Question

5. A tank initially contains 20 lb of salt dissolved in 200-gallon of water. Starting at time t = 0, a solution containing 0.5 lb of salt per gallon enters the tank at a rate of 4 gallons per minute and the well-stirred solution is withdrawn at the same rate. (a) Find the amount(in lb) of salt Q in the solution as a function of t in minutes. (b) Find the time at which the amount of salt in the tank reaches 50 lb. (c) Find the quantity of salt in the solution as t + .

Answer 1

(a) Amount of salt as a function of time

`A(t)=100-80e^(-0.02t)`

(b) The time at which the amount of salt in the tank reaches 50 lb is 23.5 minutes.

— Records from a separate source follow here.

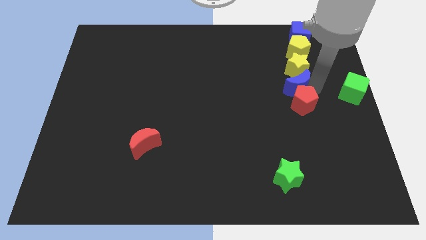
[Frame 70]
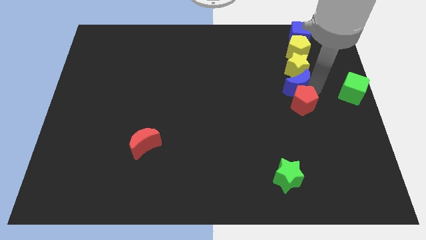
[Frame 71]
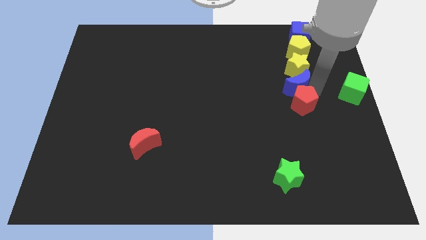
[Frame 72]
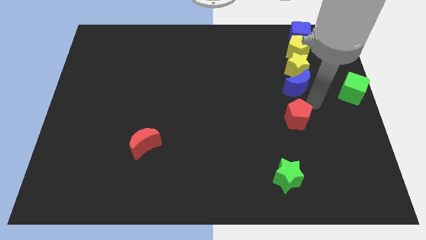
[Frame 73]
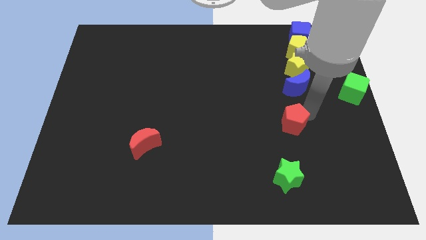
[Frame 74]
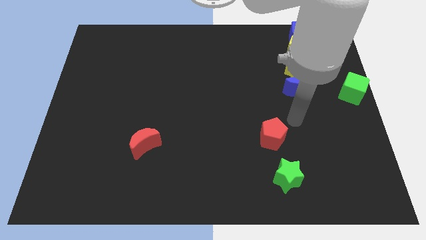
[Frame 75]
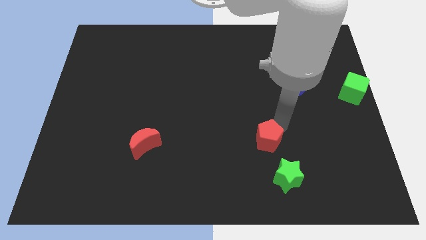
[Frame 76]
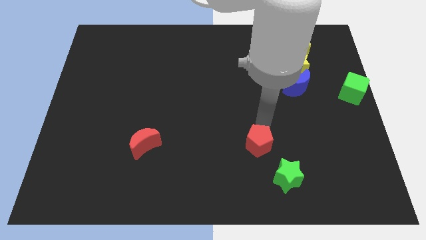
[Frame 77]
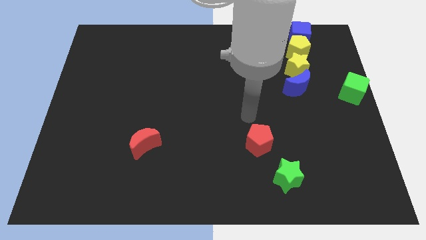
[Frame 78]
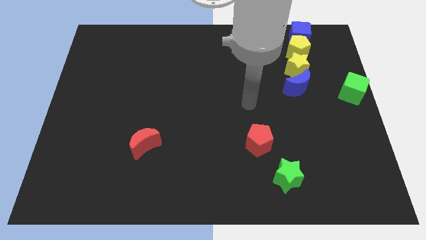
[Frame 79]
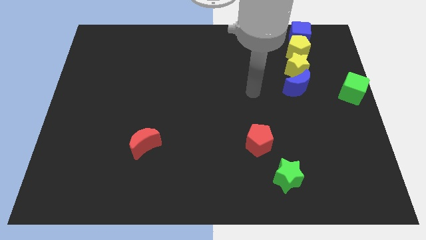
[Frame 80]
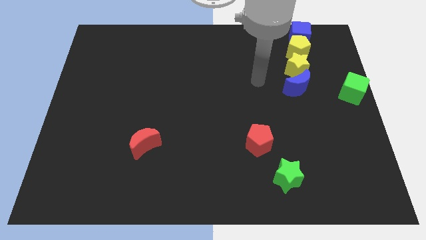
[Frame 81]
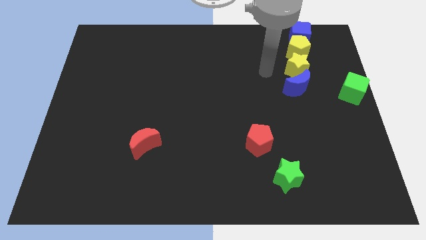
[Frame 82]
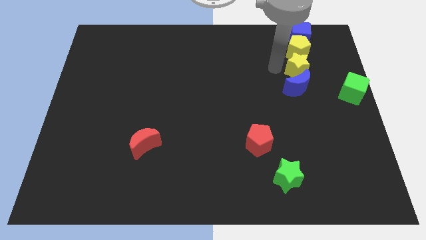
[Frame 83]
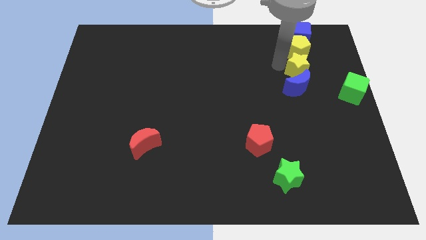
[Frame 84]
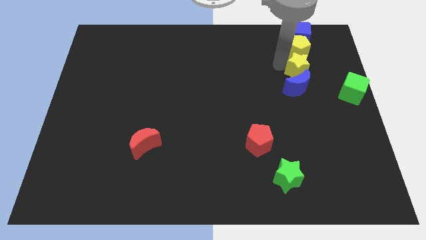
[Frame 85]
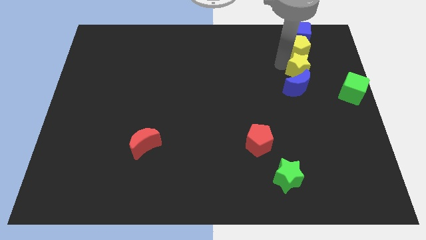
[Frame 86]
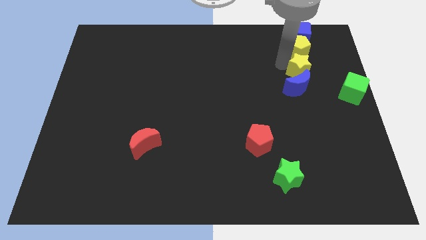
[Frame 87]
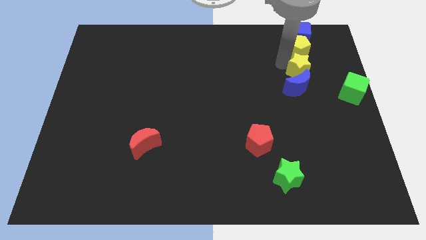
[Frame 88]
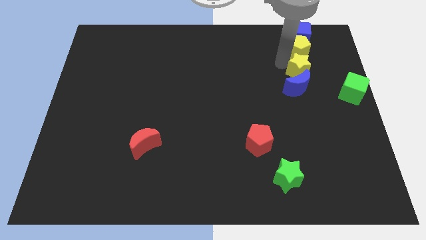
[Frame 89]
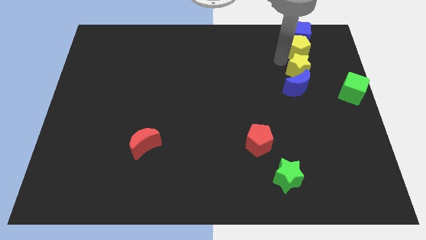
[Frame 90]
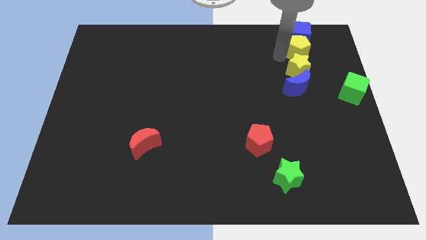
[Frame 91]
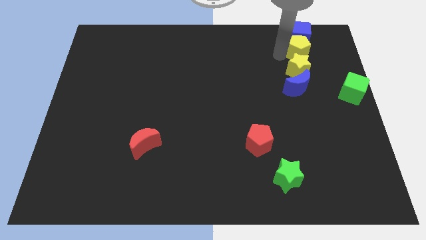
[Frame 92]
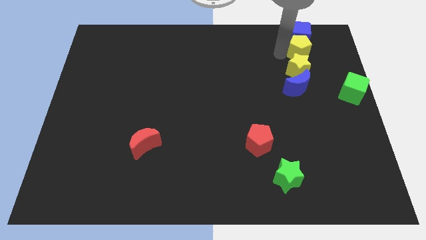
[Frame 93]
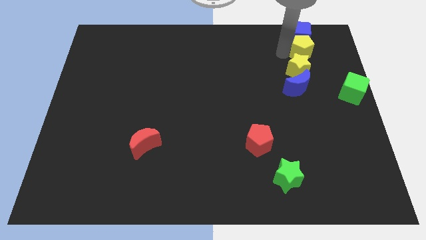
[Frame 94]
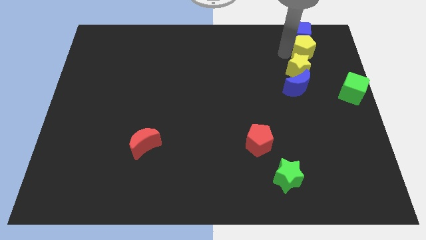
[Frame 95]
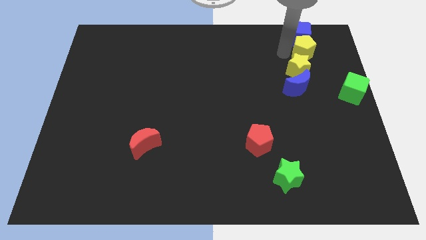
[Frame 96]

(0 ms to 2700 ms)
move the blue crescent away from the red pentagon

(c) The amount of salt when t approaches to +inf is 100 lb.

Explanation:

The rate of change of the amount of salt can be written as

`(dA)/(dt) =rate\,in\,-\,rate\,out\\\\(dA)/(dt)=C_i*q_i-C_o*q_o=C_i*q_i-(A(t))/(V)*q_o\\\\(dA)/(dt)=0.5*4-(A(t))/(200)*4\\\\(dA)/(dt) =(100-A(t))/(50)=-((A(t)-100)/(50))`

Then we can rearrange and integrate

`(dA)/(dt)= -((A(t)-100)/(50))\\\\\int (dA)/(A-100)=-(1)/(50)  \int dt\\\\ln(A-100)=-(t)/(50)+C_0\\\\ A-100=Ce^(-0.02*t)\\\\\\A(0)=20 \rightarrow 20-100=Ce^0=C\\C=-80\\\\A=100-80e^(-0.02t)`

Then we have the model of A(t) like

`A(t)=100-80e^(-0.02t)`

(b) The time at which the amount of salt reaches 50 lb is

`A(t)=100-80e^(-0.02t)=50\\\\e^(-0.02t)=(50-100)/(-80)=0.625\\\\-0.02*t=ln(0.625)=-0.47\\\\t=(-0.47)/(-0.02)=23.5`

(c) When t approaches to +infinit, the term e^(-0.02t) approaches to zero, so the amount of salt in the solution approaches to 100 lb.